Эхо вспомнил, как он однажды вскарабкался по увитому плющом фасаду здания психиатрической больницы Следвайи. С крыши этого никем не жалуемого заведения он мог лицезреть весь его внутренний двор. То, что он там увидел, его невероятно поразило. Больные вели себя так, будто они находились в совершенно нормальном мире и были заняты крайне важными делами. Один собирал листву и складывал ее в углу двора, а затем с серьезным выражением лица охранял ее от посягательства воров. Другой с систематичностью часового механизма бился головой об стену, сопровождая удары соответствующим счетом. Следующий вдохновенно вешал лапшу на уши своим собратьям по заведению, уверяя их в предстоящем пришествии из космоса. И когда Эхо это увидел, ему стало ясно, что помешательство вызывает у своих жертв желание не покорять континенты или сжигать их столицы, а заниматься повседневными делами, которые существенно не отличаются от забот здоровых людей.

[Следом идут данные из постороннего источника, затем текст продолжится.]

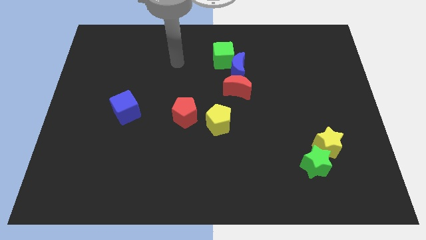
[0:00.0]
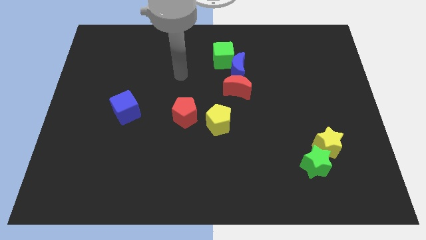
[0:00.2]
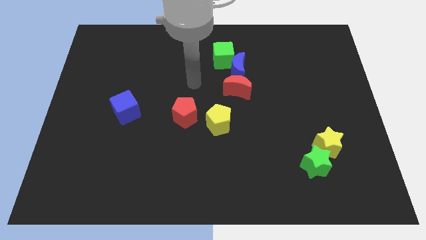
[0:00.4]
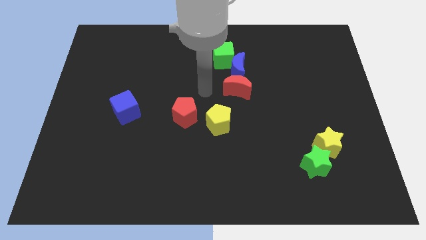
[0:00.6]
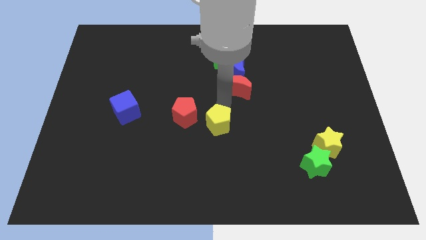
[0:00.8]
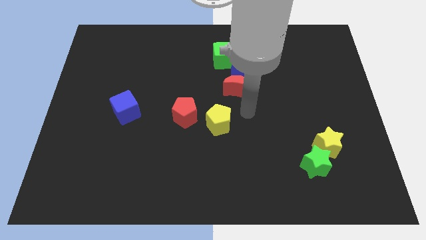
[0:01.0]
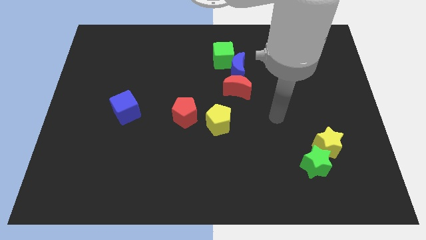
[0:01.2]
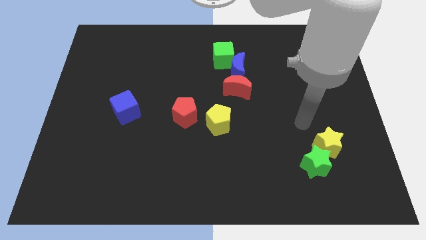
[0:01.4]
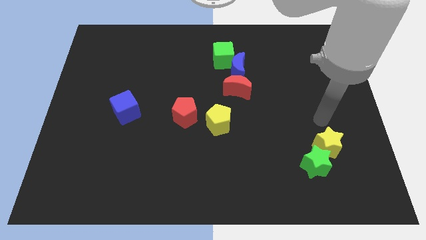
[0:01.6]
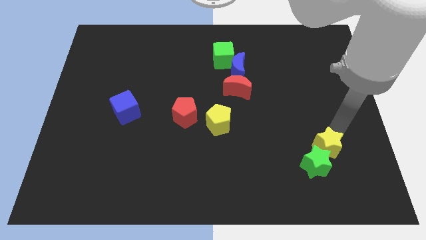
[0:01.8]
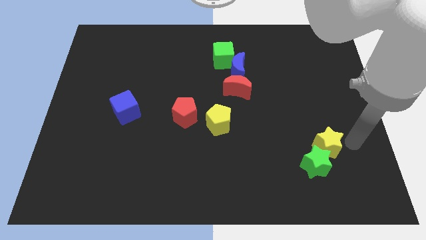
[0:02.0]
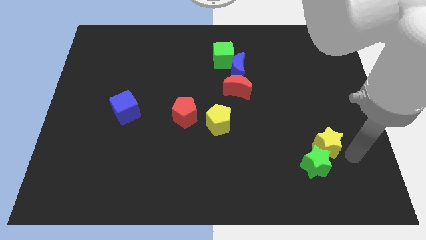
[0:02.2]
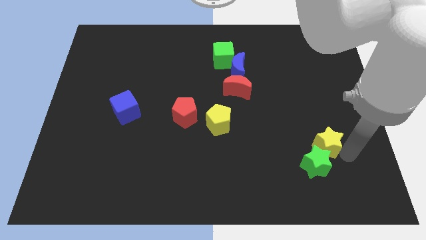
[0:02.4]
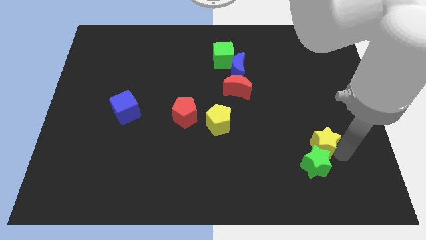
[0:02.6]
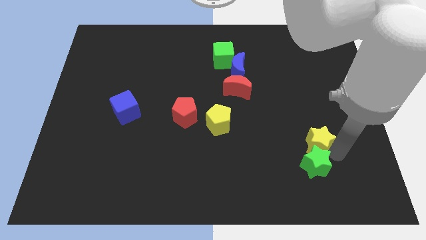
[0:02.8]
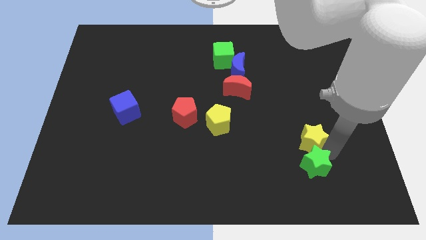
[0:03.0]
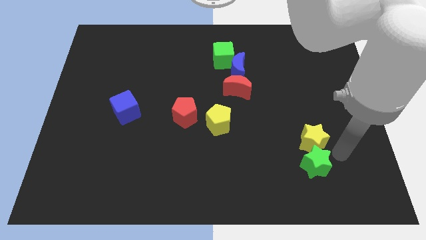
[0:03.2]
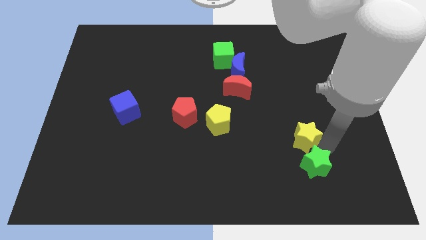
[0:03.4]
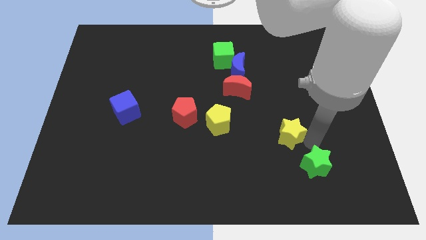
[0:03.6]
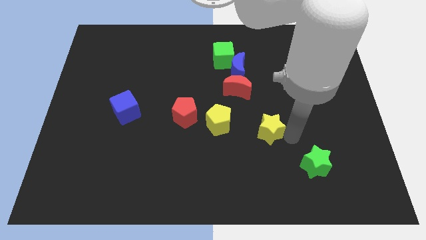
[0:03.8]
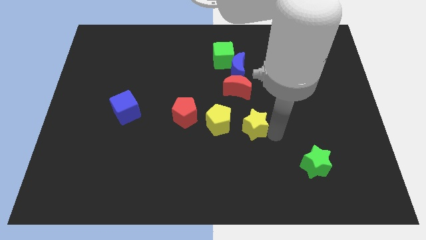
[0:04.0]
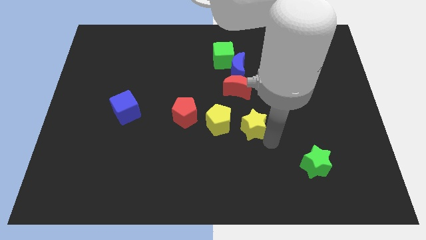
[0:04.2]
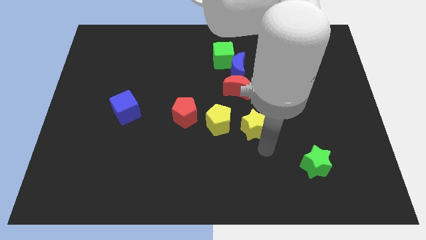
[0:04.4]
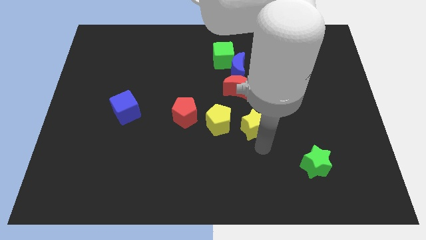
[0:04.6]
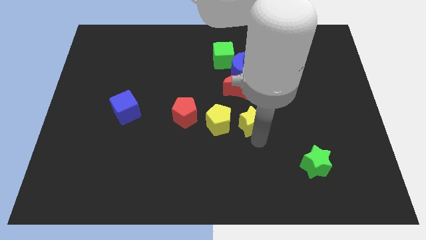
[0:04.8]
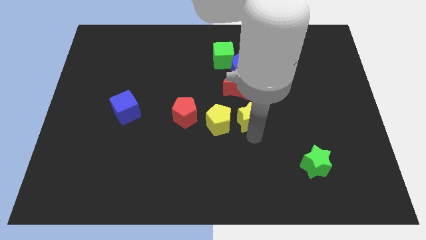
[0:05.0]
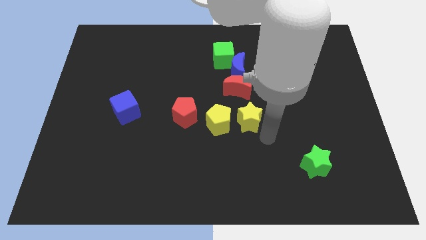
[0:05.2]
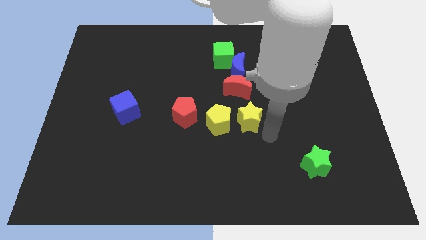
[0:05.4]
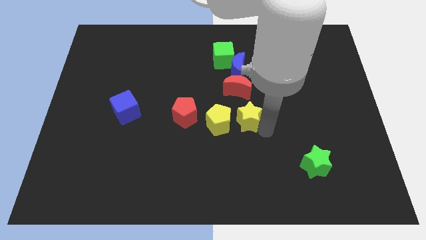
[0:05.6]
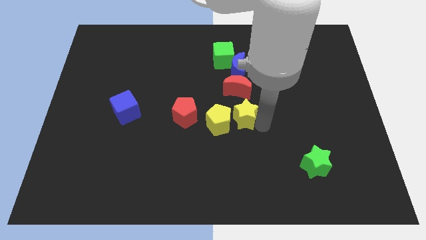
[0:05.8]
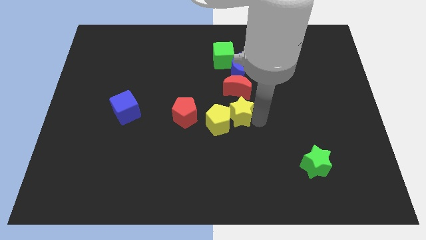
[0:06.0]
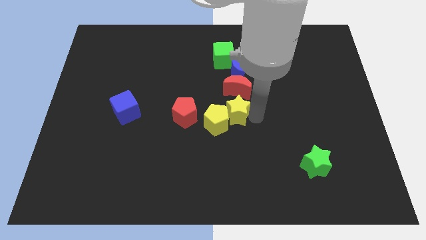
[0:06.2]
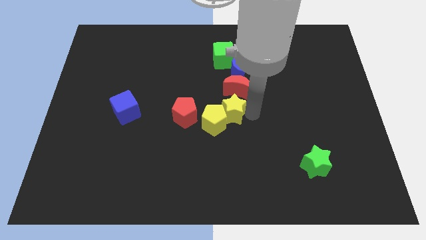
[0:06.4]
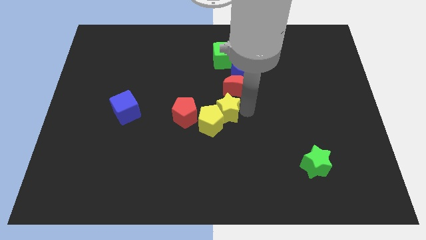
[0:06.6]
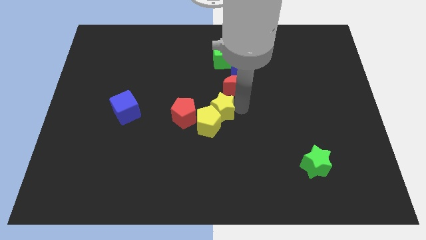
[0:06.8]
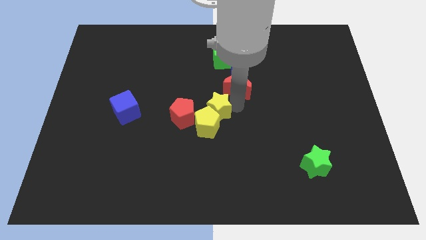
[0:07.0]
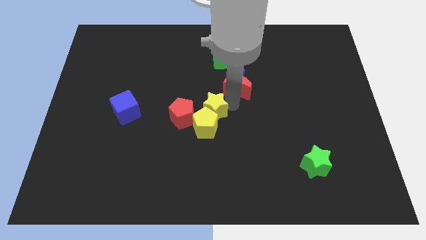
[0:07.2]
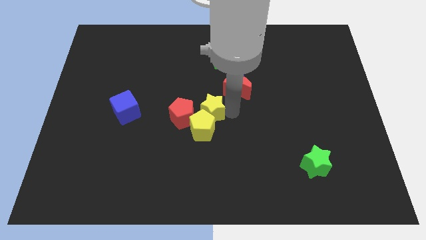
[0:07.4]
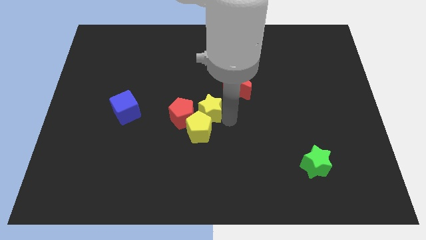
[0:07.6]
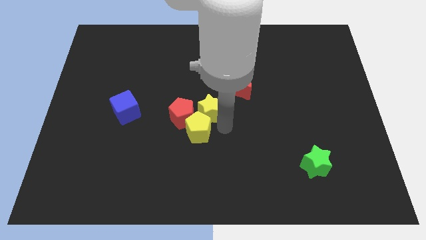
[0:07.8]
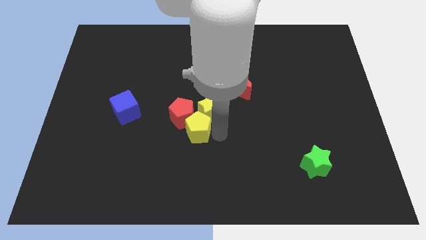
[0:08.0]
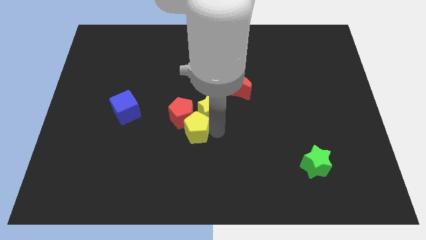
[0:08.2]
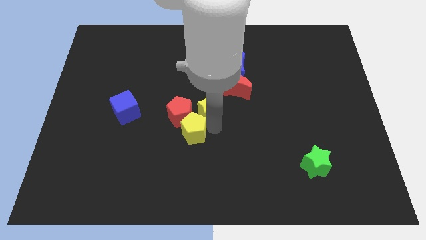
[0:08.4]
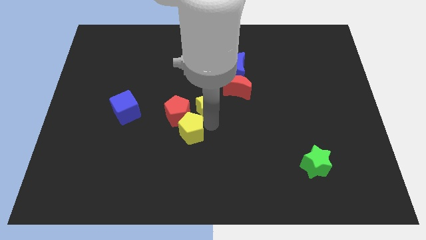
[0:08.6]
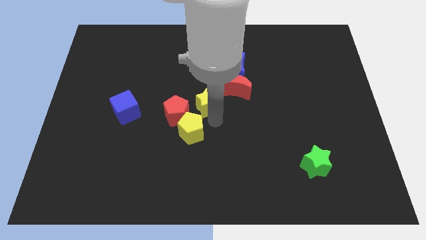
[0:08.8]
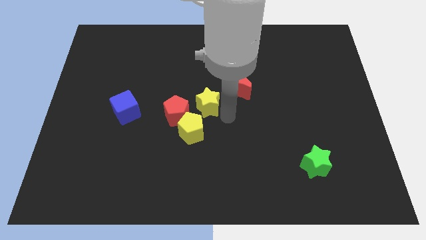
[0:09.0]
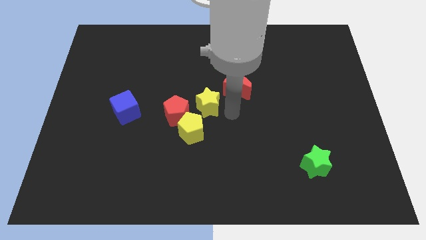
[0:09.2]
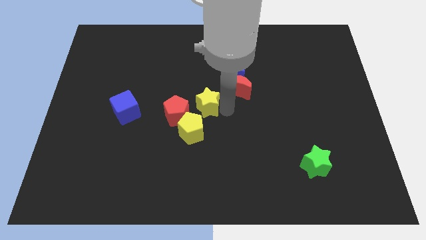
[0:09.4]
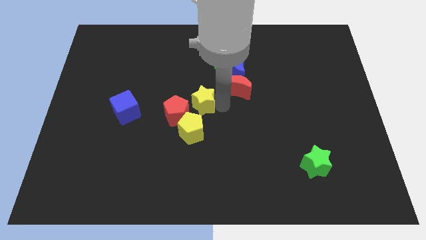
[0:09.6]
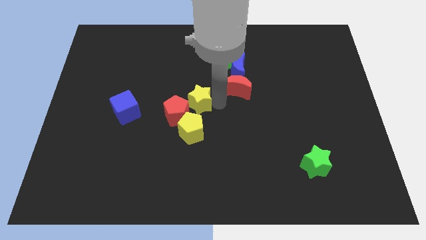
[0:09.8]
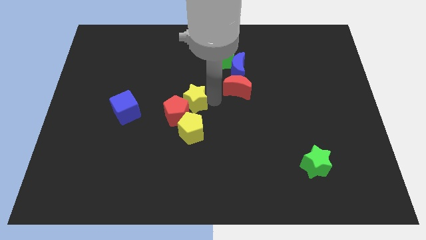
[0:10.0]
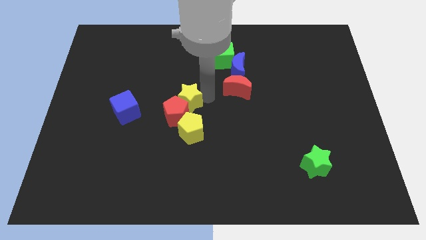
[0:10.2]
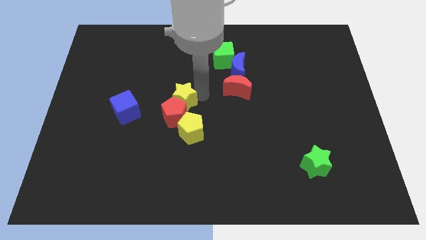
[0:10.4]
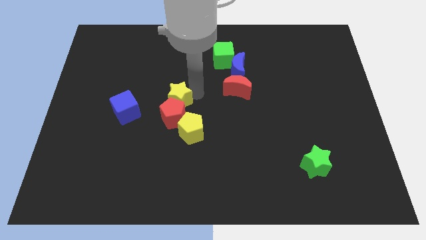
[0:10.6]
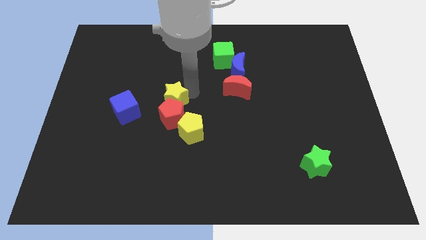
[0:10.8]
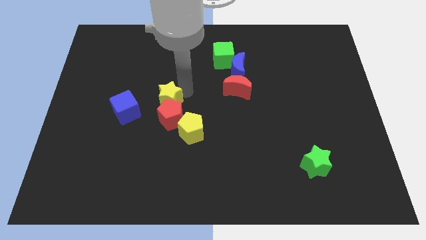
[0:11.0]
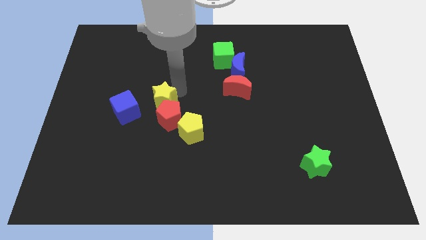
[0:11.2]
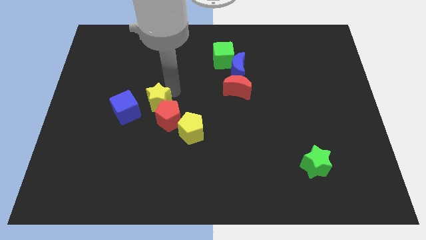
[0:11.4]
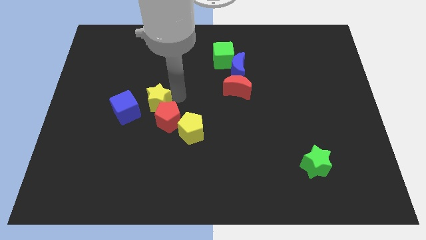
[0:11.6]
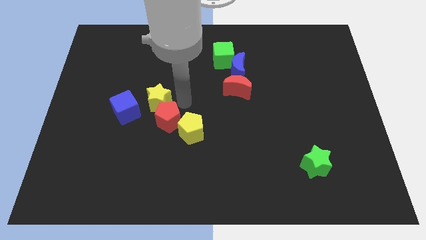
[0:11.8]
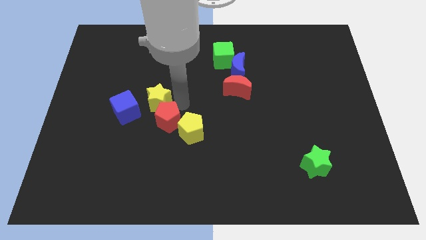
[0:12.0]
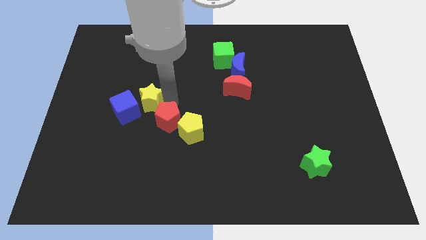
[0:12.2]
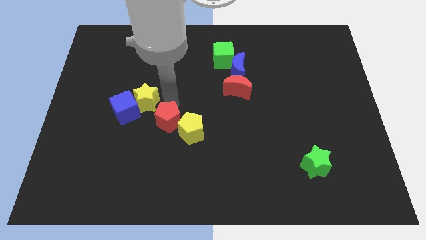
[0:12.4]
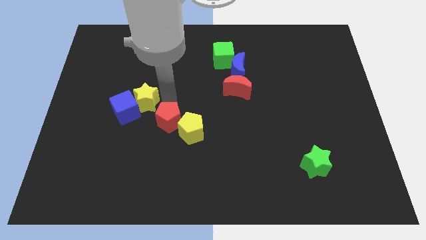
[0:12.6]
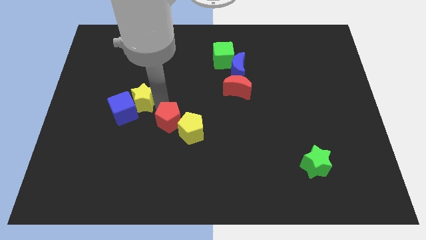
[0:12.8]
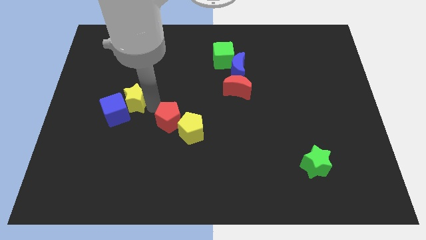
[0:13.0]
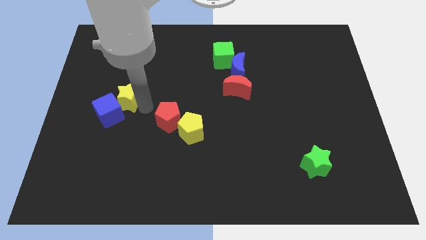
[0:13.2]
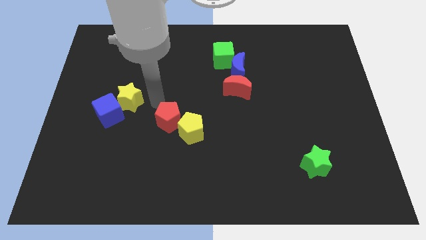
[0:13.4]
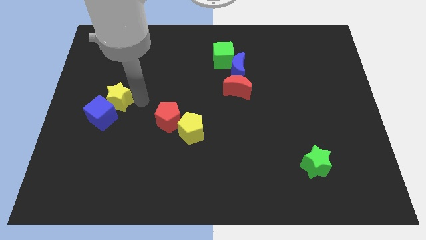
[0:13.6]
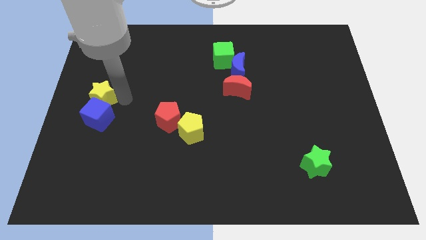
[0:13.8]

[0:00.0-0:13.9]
put the yellow star to the top left side of the blue cube

Вскоре Айспин перестал представляться ему опасным безумцем, каким его считали в Следвайе. Скорее он воплощал в себе всех тех безобидных сумасшедших, которых Эхо тогда увидел. Измученный беспокойным, вечно недовольным рассудком, изолировавший себя по собственной воле от истинного мира, корпел он над своим безумным произведением, которое, вероятно, никогда не будет завершено. Так мастер ужасок Айспин, который силой фантазии Эхо и всех прочих жителей Следвайи представлялся им все большим монстром, при более близком знакомстве оказался вполне сносным существом. Разумеется, Эхо не проникся к мастеру любовью, и тот также не вызывал у него сочувствия. Он оставался старым деспотом, мучителем животных и кровопийцей, каким был всегда. Он был тем, кто ради какого-то идиотского эксперимента через пару недель готов перерезать ему горло, но Эхо научился воспринимать Айспина более объективно и без особого почтения и даже иногда извлекать подлинный интерес от общения с ним. Он считал это более разумным, чем проводить свои последние дни в постоянном страхе.